Imagine that you are watching a cricket match between India and Australia where Virat Kohli is batting at 98 and 4 runs are needed to win. You predict that the next ball is going to be a six and it happens as you imagined it to be. There a sense of happiness excites you.
Same is the case with stock market where you determine the prices to rise or fall and take your decision accordingly. But is it as easy as predicting a cricket game? Well, the clear answer is a no but the stock market continue to provide various products through which it becomes fairly helpful to hedge or mitigate the risk of investments. Such products are the derivative products and one popular example are the future and options derivatives.
What are Derivatives and How Future and Options linked with it?
Suppose you have a key to a locker which holds 10,000 rupees. Will you be willing to pay the same amount to buy the key or a few pennies less? Definitely yes, because you derive the same amount from the locker. Here, the key words as a derivative. Derivatives are basically the securities who have no value of their own and whose value is derived from an underlying asset.
The underlying instruments could include bonds, commodities, market indexes and stocks. The derivatives take place through the organised exchange as well as over the counter but we won’t dive into the markets and understand what exactly the future and options linked with.

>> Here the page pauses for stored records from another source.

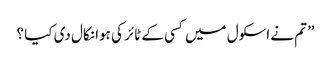
” تم نے اسکول میں کسی کے ٹائر کی ہوا نکال دی کیا ؟
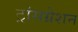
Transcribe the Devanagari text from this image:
ट्रांसग्रेशन
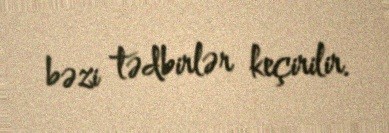
bəzi tədbirlər keçirilir.

Future and Options are most popular derivatives which are traded on the exchange market. Let us break down the two:
Future: A future stock option allows you to purchase and sale a stock at a pre-determined price for delivery on a later date. Assume that a company F (whose stock is listed on F&O segment) will release results of stock price on Friday. You (as a buyer) expects the price to rise from Rs. 50 to Rs. 60 and therefore, buys a future contract on F at Rs. 50. The company release the results and the price rise and thus, you gain profit of Rs. 10 on each share. On the other hand, you might also suffer a loss if the price falls.
Options:The stock option gives a right to an investor, and not the obligation, to buy or sell a stock agreed upon the price. Primarily, there lies two types of options: put and call. The call option gives the right to the buyer to buy the underlying asset at a predetermined price known as the strike price. Having a call option gives you the right to demand the sale of the asset from the seller while seller only has the obligation. The buyer though has to pay a premium price to the seller for the same. In the other case of put option, the holder has the right to sell an asset, at a specified price by a specified date to the writer of the put.
Easy & safe steps to trade in F & O
Future and Options seems fascinating but the confusion lies as to how to trade in this market, so here are a few quickies to help you through:
Step 1: Buy the Equity Share
The first step to have an account with the stock broker in the F & O segment, assuming that you already have an account. One can visit the website of NSE or BSE to check for available future contracts for indexes as well as securities. You can individually check through a discount broker or hire a full service broker to recommend you the best trade. It’s a calculated gamble after all. Some important fields to know here are:
• Exchange segment = NFO (NSE F & O Segment)
• Inst Name (Instrument Name) = FUTIDX (Future Index)
• Symbol = NIFT
• Expiry = Date
Step 2: Hold Equity Future
The equity future contact stays with you till the time you sell it or it expire on the predefined expiry date. Each day, you receive a future and option day bill along with few statements (including margin statement), client ledger, etc. from the broker.
Step 3: Sell Equity Future
When you see and analyse the perfect opportunity to make the sell before the predetermined date, you sell your stake.
How to trade well?
Remember the times when you had to buy a chocolate but didn’t know that it will result to food poisoning and bought it. The future and option could result in the same way if you do not take precautions to tread slowly and cautiously before investing. Here are you tricks to keep in mind:
• It is essential to know your risk appetite, as to how much you can lose than earn.
• Emotions and discipline play on you, don’t let them panic you while the situation is uncomfortable, that panic might result into a loss, so make sure you analyse it properly with the help of stock screener.
• You have no control over future events, so you can’t be over confident of your decisions.
• One doesn’t need to pay additional brokerage while you carry forward a position.
• Squaring off is compulsory on the date of the expiry .
Conclusion
It is fair to say that being a risky market than the normal trading, future and options comes with its huge margin of profits if traded well. But be sure to have the right financial advice before you invest in a hurried manner in any luck of profit. Be the lion to trade and take the jump only when required, being in a herd won’t fulfil your motives.
Focus on your trade management, trade structure and use this derivative as a hedge more than the trade. These are the basic advices but if you want to swim this ocean, you must keep reading and consulting to be aware of the market situation to trade and fare well in this race of trading.